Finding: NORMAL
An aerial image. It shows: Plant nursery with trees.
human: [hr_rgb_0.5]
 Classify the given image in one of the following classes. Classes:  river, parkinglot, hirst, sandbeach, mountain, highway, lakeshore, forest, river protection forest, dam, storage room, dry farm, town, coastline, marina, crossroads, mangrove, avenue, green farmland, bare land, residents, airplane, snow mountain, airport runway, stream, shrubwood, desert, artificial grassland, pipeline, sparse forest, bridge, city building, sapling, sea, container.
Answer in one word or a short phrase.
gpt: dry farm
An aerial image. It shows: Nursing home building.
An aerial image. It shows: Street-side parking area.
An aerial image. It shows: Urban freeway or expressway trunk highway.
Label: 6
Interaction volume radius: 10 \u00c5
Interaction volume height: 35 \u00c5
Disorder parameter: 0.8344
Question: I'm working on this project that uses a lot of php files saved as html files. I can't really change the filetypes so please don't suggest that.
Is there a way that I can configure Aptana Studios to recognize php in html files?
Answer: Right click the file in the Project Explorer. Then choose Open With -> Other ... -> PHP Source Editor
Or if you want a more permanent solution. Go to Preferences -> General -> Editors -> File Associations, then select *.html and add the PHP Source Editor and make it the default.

> [YOUR INSTRUCTIONS]
Take the line above containing "gpt: dry farm", the line containing "An aerial image. It shows: Street-side", and all lines in between, and copy them exactly without anything else.

> [OUTPUT BELOW]
gpt: dry farm
An aerial image. It shows: Nursing home building.
An aerial image. It shows: Street-side parking area.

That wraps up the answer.